When Qu asked why this was, local HSBC managers explained that the inland economy was much less dependent on exports. Ergo the global crisis was having a smaller impact on wage growth and employment (and hence consumer confidence). Likewise consumer confidence had also held up better inland, largely thanks to the property market. In the coastal cities property prices have been extremely volatile, and as house prices fell consumers experienced a negative wealth effect that dragged down spending. No such thing had occurred in the inland provinces – if only because property prices had not gone up much in the first place.

But as Qu also point out, a lot of the credit for the west’s performance has to go to the government’s $586 billion stimulus package – a large proportion of which has been skewed to the inland provinces. In fact, Sichuan – which was hit by last year’s earthquake – is slated to receive about $140 billion in stimulus-related spending.

The poster child for the west’s ambitions is the Chengdu-Chongqing Economic Zone, which is one of the nation’s most densely populated areas (it will hit 108 million in the next decade) and straddles Sichuan.

Infrastructure spending here is off the charts. Around 2,656km of railtrack is under construction and is expected to be complete by 2012. Additionally, 2,782km of roads are being built. “At present the Chengdu-Chongqing Economic Zone accounts for about 5% of the national economy,” says Yang Qingyu, the director of the Chongqing Municipal Development and Reform Commission. “By 2020 it is expected that it will be 8%, with the zone reaching a GDP of Rmb5.5 trillion.”

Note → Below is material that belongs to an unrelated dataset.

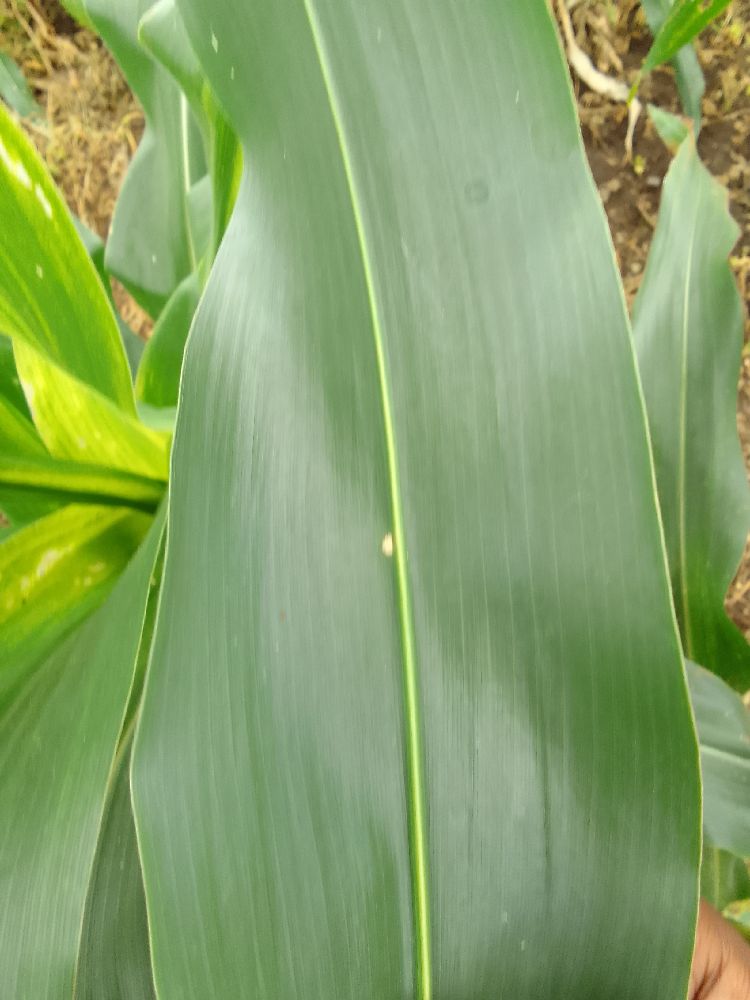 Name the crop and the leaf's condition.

The west, of course, is not a homogenous region. But its six provinces, five autonomous regions and single municipality makes up 70% of China’s landmass. The South China Morning Post writes that traditionally it has been viewed as the “poor inland cousin”. However, in its recent outpacing of the coast it sets “a precedent not seen since China adopted its open-door policy in 1978,” observes the newspaper.

But we should be wary of getting too carried away. Yes, the west’s recent performance has been stellar, but in absolute terms it still lags the coast dramatically. And statistics can be deceptive. A 15.9% improvement in Guizhou’s economy would add Rmb9 billion to its GDP. Meanwhile Guangdong’s ‘depressed’ growth of 5.8% – as experienced in the first quarter – still adds Rmb44.5 billion to its own GDP (if annualised). So in absolute terms, the gap between Guizhou and Guandong will have got bigger by year’s end not smaller.

And what of foreign investors? They have been slower than the government would like to Go West. FDI was down 20% – on a national basis – for the first five months of this year. But in western China it was down by an even greater 30%. The country’s three major economic clusters – the Yangtze River Delta, the Pearl River Delta, and Beijing-Tianjin-Hebei – accounted for a dominant 90% of total foreign investment in the first quarter. Historically, the west has done well to pick up a 5% share.

Zhu himself thought it could take 20 to 30 years for the inland areas to catch up with the coastal provinces. The west’s current outperformance may shave a few years off this target, but it is still going to be a long haul. Government investment will have to play a disproportionate role too, especially if FDI rates fail to pick up.

But what is not in doubt: the west’s resilience is proving a welcome boon at a time when the other West (Europe and America) continues to post flagging demand.


© ChinTell Ltd. All rights reserved.

Exclusively sponsored by HSBC.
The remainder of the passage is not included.